Walmart is to General Mills as is Spotify to artists.

Apple is to Spotify as is the construction company which made the building Walmart is using to Walmart.

I have not heard of construction companies claiming entitlement to a cut of Walmart's turnover.

Apple is a retail store that charges a fee to place an item on one of their shelves.

Every grocer in the USA does this. Want shelf space? Pay me.

Digital assets don’t preclude this transaction.

Slotting fees are just at contentious as Apple's 30% cut but the comparison is not apt as it would only work if Walmart were the only outlet available to any supplier to sell their goods. Walmart does not have a monopoly whereas Apple does when it comes to selling to Apple users.
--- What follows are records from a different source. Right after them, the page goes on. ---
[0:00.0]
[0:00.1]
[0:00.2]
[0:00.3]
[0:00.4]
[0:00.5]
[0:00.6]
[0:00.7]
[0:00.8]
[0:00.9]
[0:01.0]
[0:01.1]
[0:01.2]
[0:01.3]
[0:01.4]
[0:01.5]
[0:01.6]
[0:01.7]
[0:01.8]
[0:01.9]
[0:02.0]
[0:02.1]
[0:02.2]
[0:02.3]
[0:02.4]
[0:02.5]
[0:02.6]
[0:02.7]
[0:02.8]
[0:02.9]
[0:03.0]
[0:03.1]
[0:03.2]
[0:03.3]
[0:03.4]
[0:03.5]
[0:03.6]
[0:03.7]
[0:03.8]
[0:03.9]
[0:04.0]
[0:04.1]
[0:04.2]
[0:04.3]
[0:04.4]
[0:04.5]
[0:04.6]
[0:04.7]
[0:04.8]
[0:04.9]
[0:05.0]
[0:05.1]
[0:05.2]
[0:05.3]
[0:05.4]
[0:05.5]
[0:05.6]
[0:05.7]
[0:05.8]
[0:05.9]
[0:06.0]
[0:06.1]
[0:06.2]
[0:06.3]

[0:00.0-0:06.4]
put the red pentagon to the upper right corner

If Walmart were to demand a 30% cut for your product there are many other venues you can turn to up to and including opening your own store. This does not work in the company town of Appleton where only one retailer - Apple - is allowed to sell goods. Want to sell in Appleton? You'll have to go through Apple who gets to set the rules.
I'm pretty sure retailers pay wholesalers, not the other way around.
Look up "slotting fees".

Behold.

They're a retailer...?
So without Walmart they wouldn't sell as much product? Kind of like Spotify and iOS devices?
And what do you think the App Store is?
It's not a retail store. The App Store does not purchase, hold, and resell inventory from wholesalers. These are necessary functions to be considered retail.
You do not seem to know how retail works, and have created an arbitrary definition of it to exclude the App Store.
What is your definition of retail?
I checked Wikipedia and it had a pretty terse definition: the sale of goods and services to consumers. I have to agree with GP that another definition seems to have been selected for the sake of excluding the App Store.
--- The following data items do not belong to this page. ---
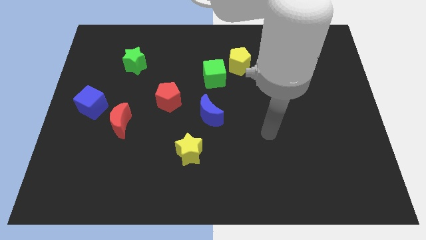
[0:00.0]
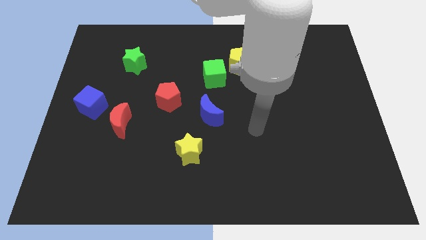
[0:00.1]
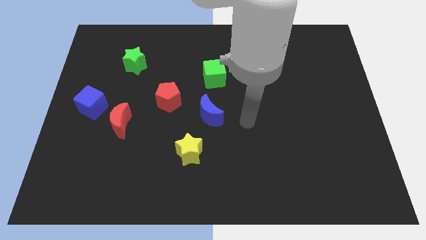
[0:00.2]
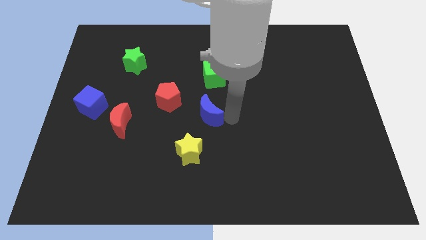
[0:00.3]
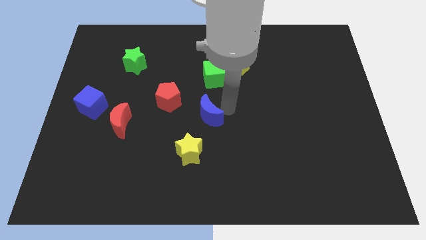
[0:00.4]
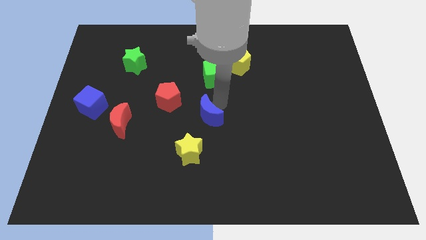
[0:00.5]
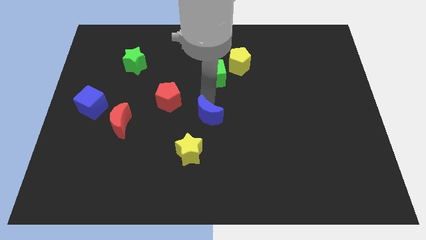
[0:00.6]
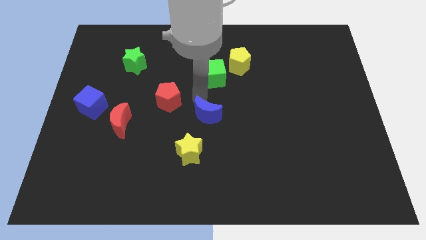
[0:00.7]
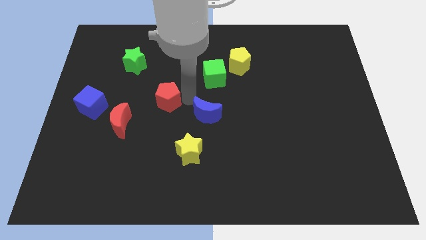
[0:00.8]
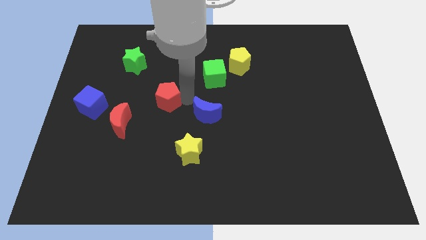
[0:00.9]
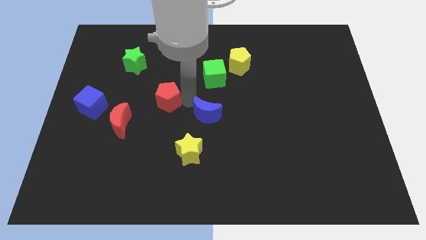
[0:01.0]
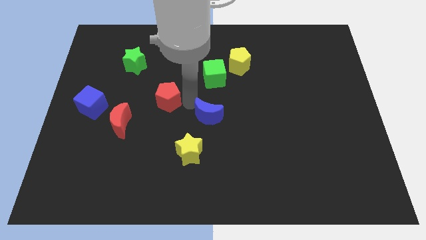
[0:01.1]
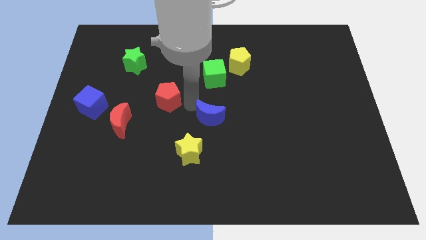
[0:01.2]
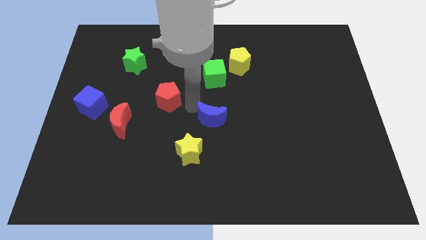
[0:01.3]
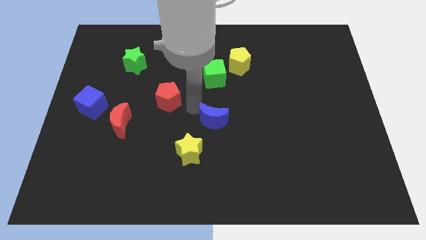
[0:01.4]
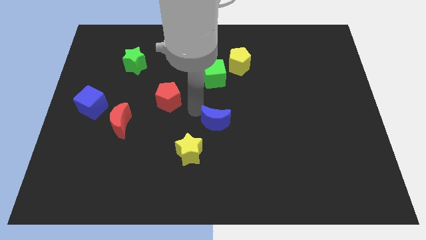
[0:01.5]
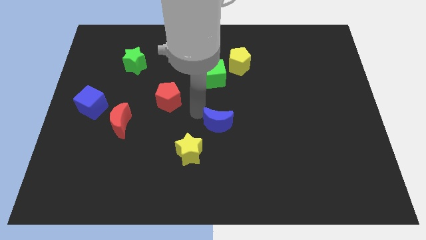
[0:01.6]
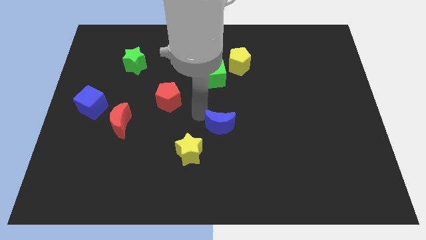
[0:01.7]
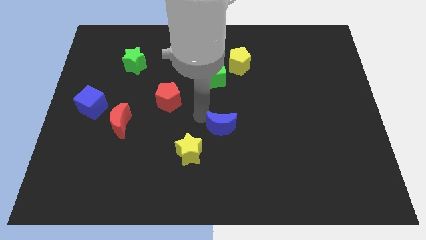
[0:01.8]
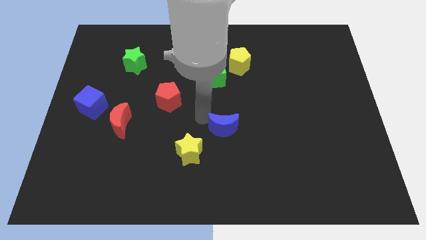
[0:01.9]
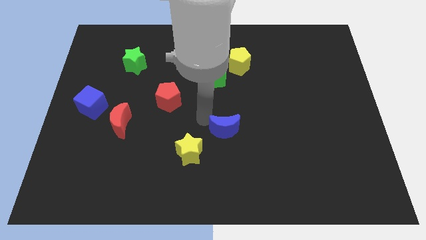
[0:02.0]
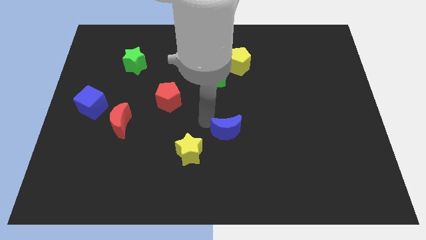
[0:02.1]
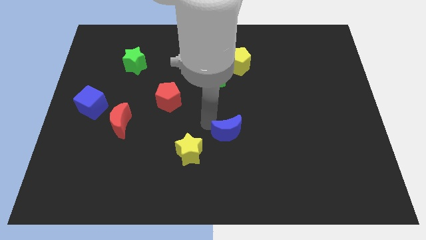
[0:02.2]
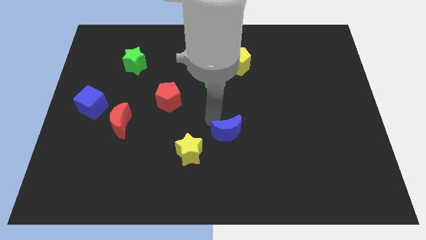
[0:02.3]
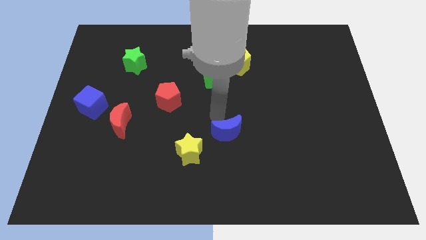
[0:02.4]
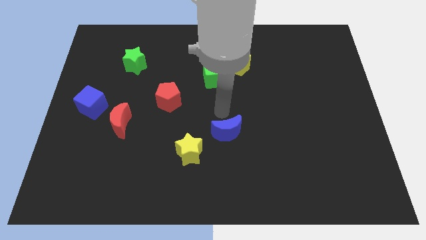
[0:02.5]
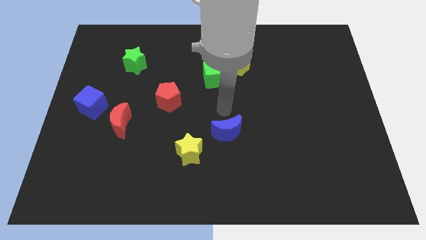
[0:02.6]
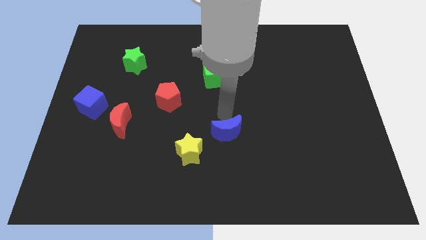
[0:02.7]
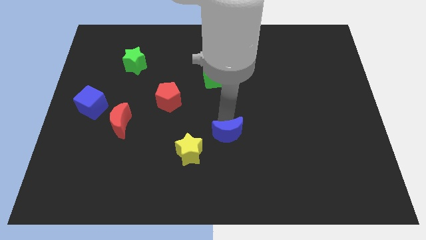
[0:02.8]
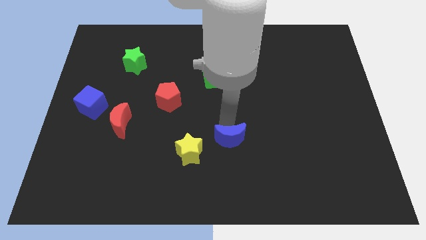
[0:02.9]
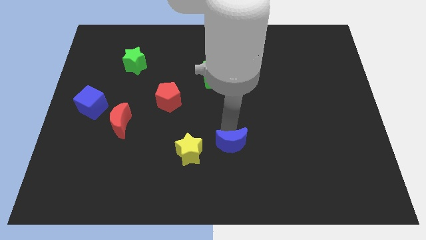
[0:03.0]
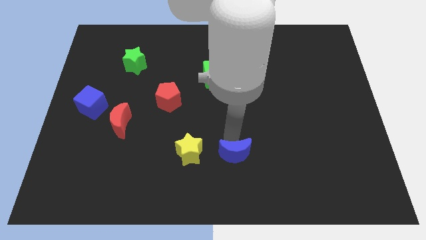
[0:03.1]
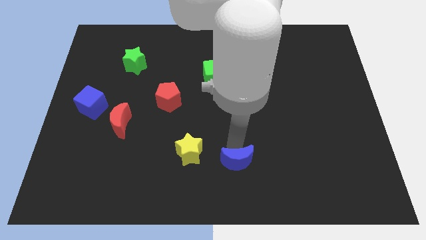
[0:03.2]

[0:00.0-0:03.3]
push the blue moon to the bottom side

Whether or not one thinks they deserve a 30% cut, Apple definitely works to make sure the App Store can at least deliver the application to the hardware and their interfaces ultimately bring Spotify's interface to the user. That fairly reasonably fits in with "the sale of goods and services to consumers". In-app purchases are more arguable (keep in mind it necessarily uses Apple Pay) but this thinking that the App Store is not comparable to retail seems to be a little narrow-minded.